The human organism is ruled by particularity, by particular desires, characteristics, molecules, hormones, structures, forces, notions, experiences, and social relations. No concept is yet universal simply for its conceptual nature. No generalization made by any human being has ever once been universal. No abstraction has ever left the concrete behind while yet remaining a product of the human mind. That absolute abstraction can be thought should in no way be confused with the process of its volitional generation out of the concrete, with its subordination to human minds. And nothing is more laughable than the concrete universal.

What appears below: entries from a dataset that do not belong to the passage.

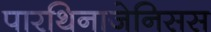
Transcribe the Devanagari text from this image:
पारथिनाजेनिसस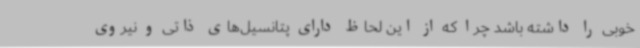
خوبی را داشته باشد چرا که از این لحاظ دارای پتانسیل‌های ذاتی و نیروی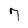
Character: 7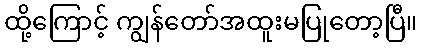
ထို့ကြောင့် ကျွန်တော်အထူးမပြုတော့ပြီ။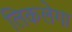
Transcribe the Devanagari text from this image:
लिकलेगा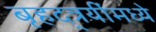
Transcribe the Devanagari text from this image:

But this is not to say the universal is empty – rather, it is absolute form.

Absolute form is necessarily the act of formalization itself, its own intimate non-relation to the formless. Abstraction, insofar as it is absolute, proceeds not from the particular to the universal but from the formless to the en-formed. It is not mere thought but thought in all its power and glory. En-forming the formless is a lateral move and not necessarily a hierarchical one like the dialectic of universal and particular. The universal is synonymous with the singularization of this cosmic passage, the giving-birth of the formless into the realm of form. The Lovecraftian expression of this reality is without a doubt symbolized by the deformed child of obscene and sorcerous rites.

In Badiou's philosophy, one is seized by a truth. Seized and devoured, we might say. While this process simultaneously engenders and empowers the subject, it is a strange empowerment indeed. In Lovecraft this is represented by the practitioner of the dark arts who can no longer control the beings he has evoked, but must nonetheless persist in his activities, for the truth has come to control him and he cannot tear himself away and return to mundane ignorance. But to speak of control is to remain beyond the reach of truth's tentacles. The individual body is controlled, perhaps, but the subject is always already part of truth itself, existing only in the activity of having been seized, having been devoured. This is the first, necessary moment of the formless en-formed. Truth is a parasite, indeed, and its local name, its malignant relationship to the body, bears the name “subject”. There is nothing more joyous than to proclaim: “I have been seized! I have been devoured!”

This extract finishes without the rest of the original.